EXERCISE MATERIALS —
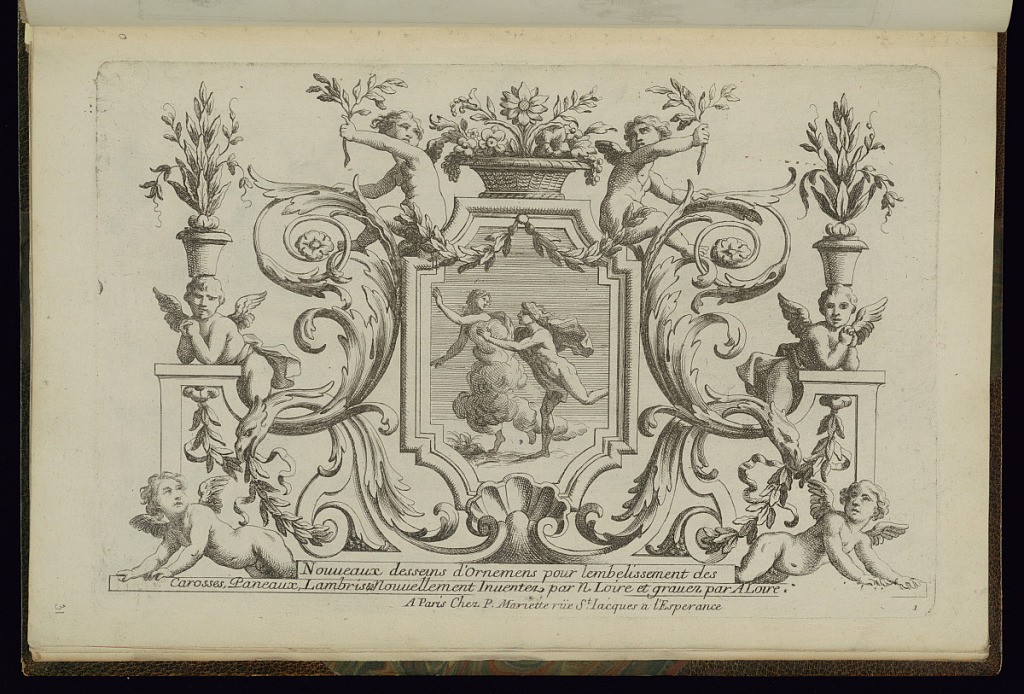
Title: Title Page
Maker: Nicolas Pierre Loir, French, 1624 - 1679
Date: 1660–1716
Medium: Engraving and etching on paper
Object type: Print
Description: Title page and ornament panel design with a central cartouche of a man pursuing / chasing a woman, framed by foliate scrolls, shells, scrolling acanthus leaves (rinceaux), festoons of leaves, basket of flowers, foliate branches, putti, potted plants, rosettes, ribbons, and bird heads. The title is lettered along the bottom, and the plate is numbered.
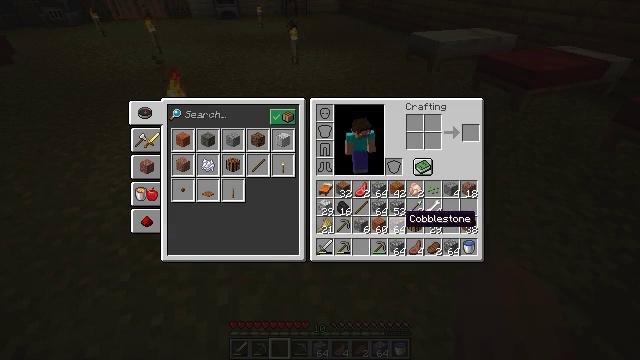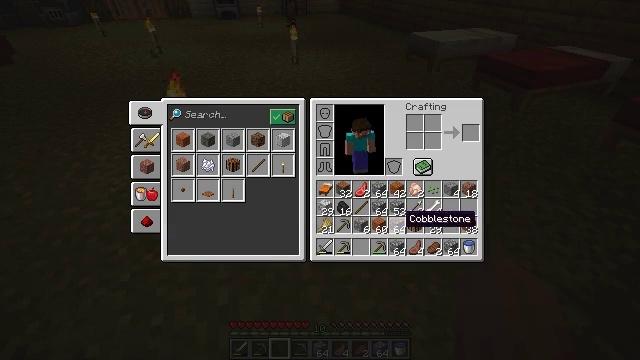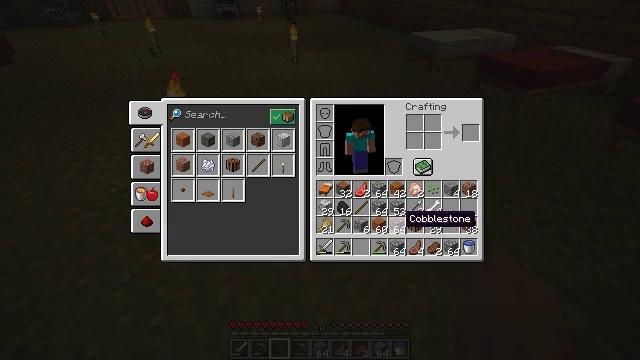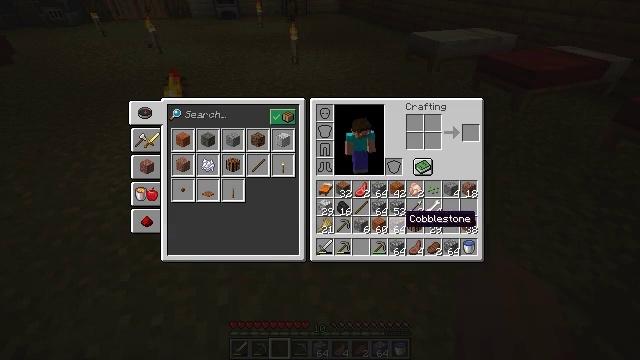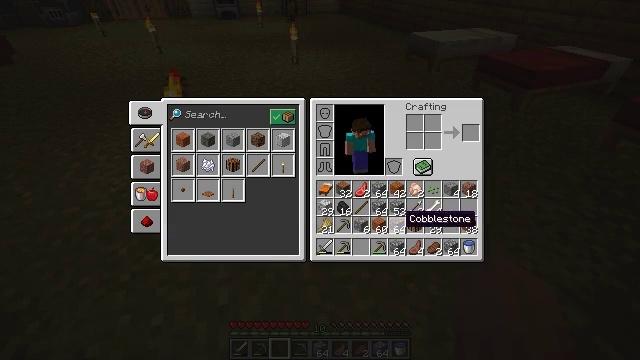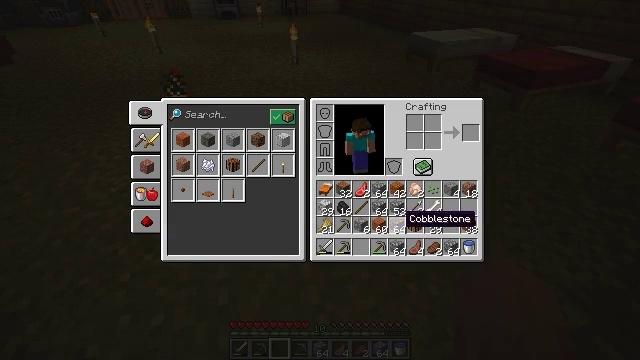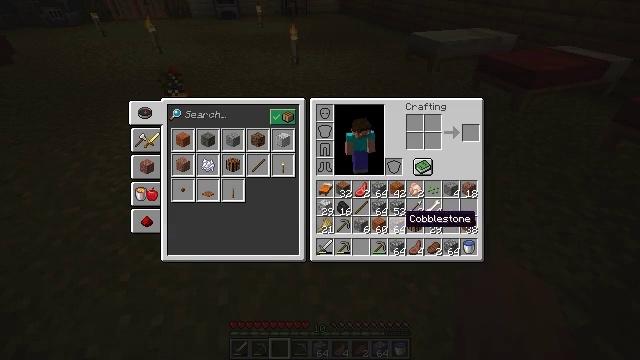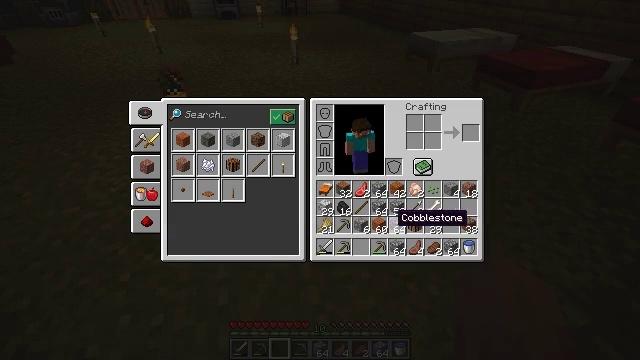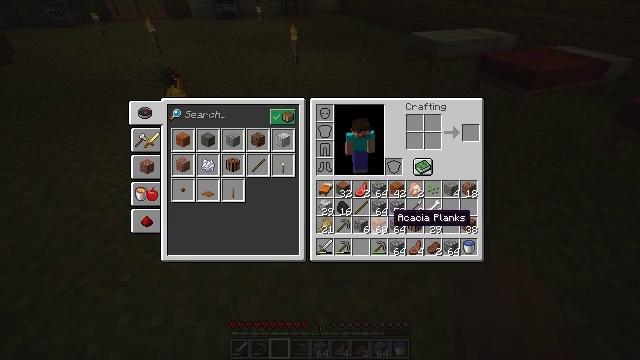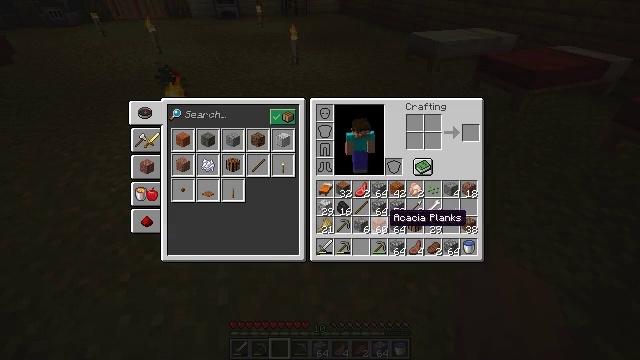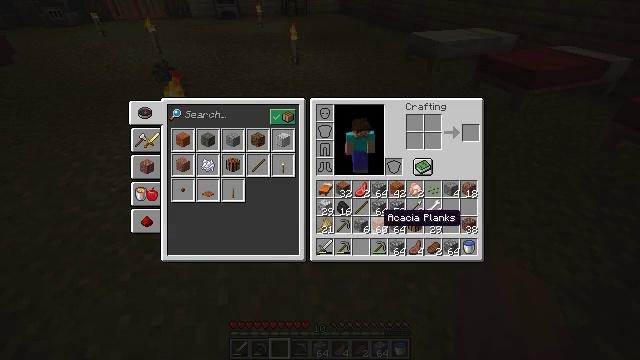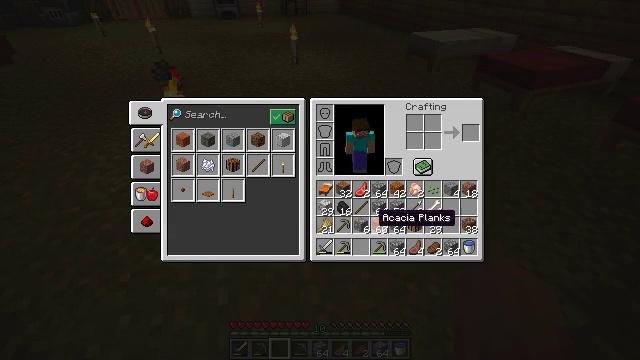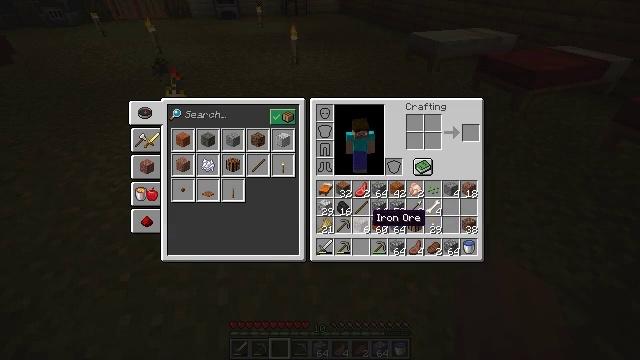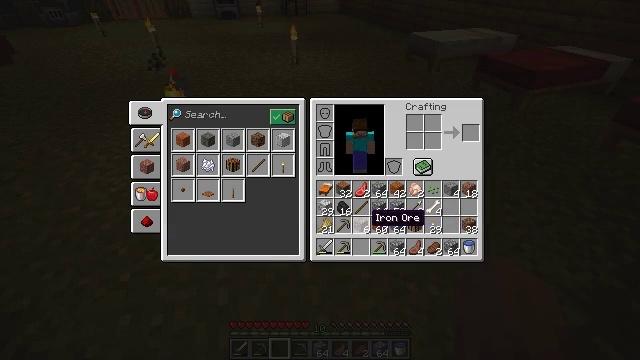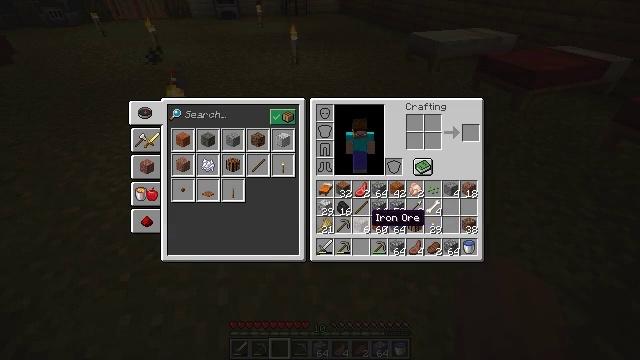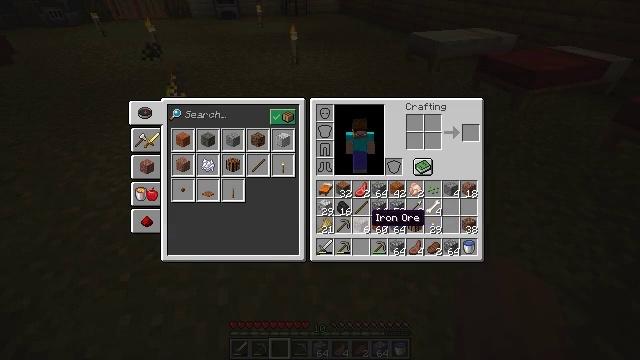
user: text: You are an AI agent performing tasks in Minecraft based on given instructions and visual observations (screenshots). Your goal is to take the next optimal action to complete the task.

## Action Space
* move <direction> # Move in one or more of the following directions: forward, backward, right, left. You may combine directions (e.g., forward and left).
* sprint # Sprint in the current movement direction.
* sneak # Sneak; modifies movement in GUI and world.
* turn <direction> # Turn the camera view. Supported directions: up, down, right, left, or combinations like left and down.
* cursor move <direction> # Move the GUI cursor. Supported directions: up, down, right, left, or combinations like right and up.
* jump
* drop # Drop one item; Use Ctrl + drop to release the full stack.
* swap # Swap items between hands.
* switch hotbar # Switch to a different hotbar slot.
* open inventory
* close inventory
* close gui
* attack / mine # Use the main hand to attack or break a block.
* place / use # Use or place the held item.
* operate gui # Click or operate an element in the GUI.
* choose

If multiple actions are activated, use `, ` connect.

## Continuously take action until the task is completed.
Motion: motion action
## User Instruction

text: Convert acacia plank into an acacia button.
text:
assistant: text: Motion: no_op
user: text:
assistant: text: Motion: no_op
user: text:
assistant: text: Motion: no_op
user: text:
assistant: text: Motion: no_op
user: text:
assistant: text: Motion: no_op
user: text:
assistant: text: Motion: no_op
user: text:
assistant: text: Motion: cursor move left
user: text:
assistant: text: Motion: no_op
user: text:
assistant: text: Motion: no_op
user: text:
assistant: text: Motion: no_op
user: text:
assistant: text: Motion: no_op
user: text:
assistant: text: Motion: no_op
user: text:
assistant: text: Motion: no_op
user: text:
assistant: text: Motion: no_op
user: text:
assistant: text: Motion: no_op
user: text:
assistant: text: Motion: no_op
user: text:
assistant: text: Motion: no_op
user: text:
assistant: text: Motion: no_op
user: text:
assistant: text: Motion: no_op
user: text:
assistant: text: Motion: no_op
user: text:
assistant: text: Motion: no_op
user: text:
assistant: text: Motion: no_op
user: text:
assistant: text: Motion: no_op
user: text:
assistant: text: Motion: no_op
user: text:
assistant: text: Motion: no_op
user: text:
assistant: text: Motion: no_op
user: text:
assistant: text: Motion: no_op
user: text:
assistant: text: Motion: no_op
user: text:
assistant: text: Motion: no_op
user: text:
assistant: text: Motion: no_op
---
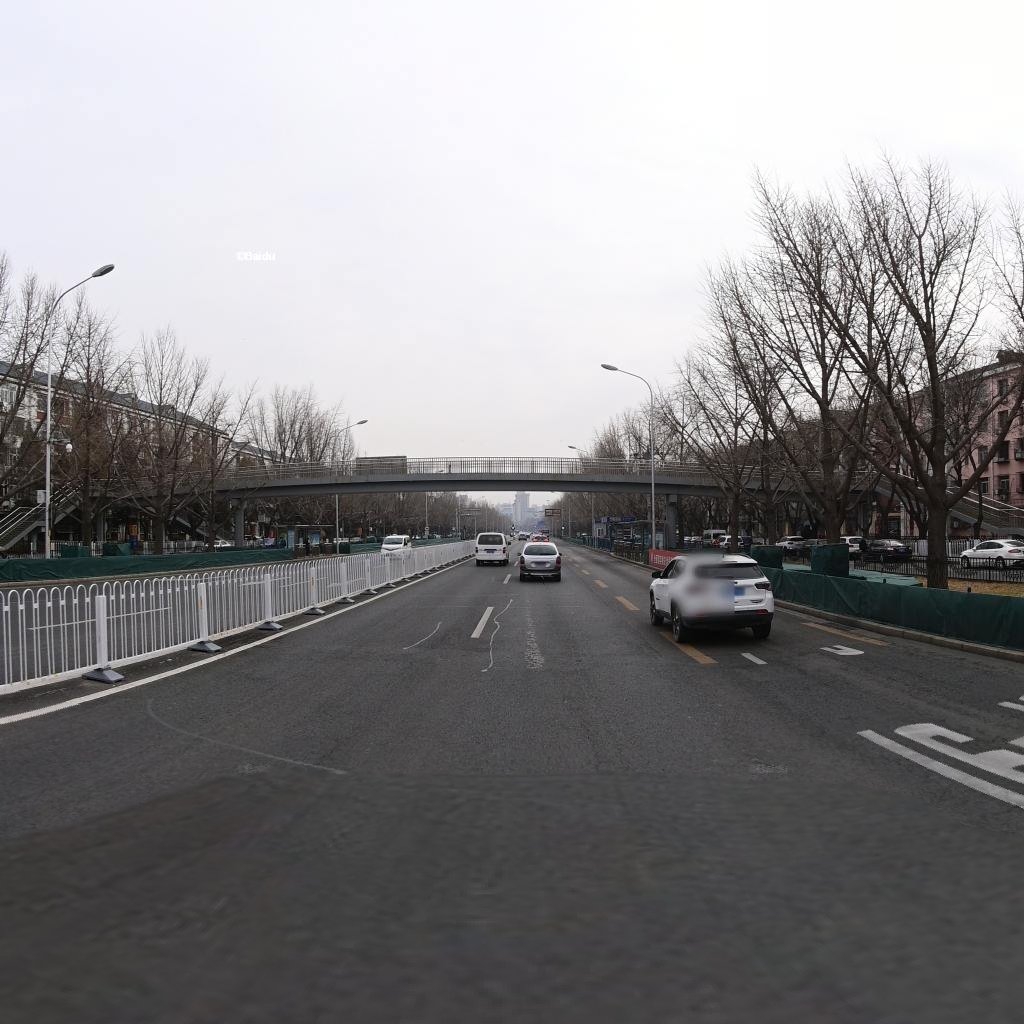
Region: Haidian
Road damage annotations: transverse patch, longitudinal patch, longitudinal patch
---
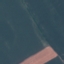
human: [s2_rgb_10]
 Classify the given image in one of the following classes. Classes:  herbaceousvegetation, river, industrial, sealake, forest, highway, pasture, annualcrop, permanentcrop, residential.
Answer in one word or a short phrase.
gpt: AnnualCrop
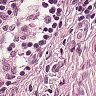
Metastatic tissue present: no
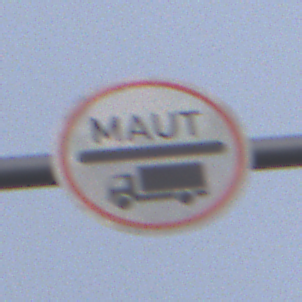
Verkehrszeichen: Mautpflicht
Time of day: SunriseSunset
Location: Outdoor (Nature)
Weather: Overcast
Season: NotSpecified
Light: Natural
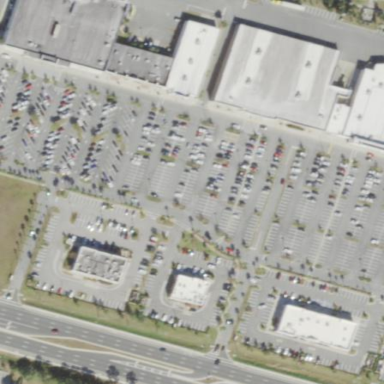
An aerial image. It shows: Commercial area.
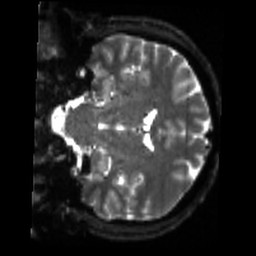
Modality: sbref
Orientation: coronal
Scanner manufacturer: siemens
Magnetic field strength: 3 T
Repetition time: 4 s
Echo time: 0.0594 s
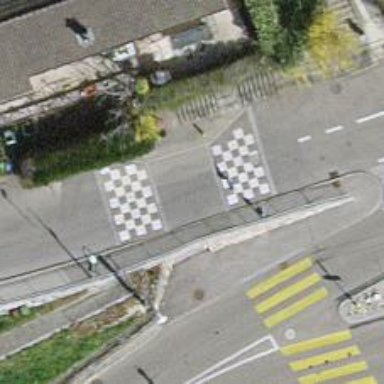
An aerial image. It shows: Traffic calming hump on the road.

PROBLEM REQUIREMENTS — Your copy should hold only the lines above from the one containing "gpt: AnnualCrop" through the one containing "Orientation: coronal", exactly as written and free of pictures.

TASK RESULT —
gpt: AnnualCrop
Metastatic tissue present: no
Verkehrszeichen: Mautpflicht
Time of day: SunriseSunset
Location: Outdoor (Nature)
Weather: Overcast
Season: NotSpecified
Light: Natural
An aerial image. It shows: Commercial area.
Modality: sbref
Orientation: coronal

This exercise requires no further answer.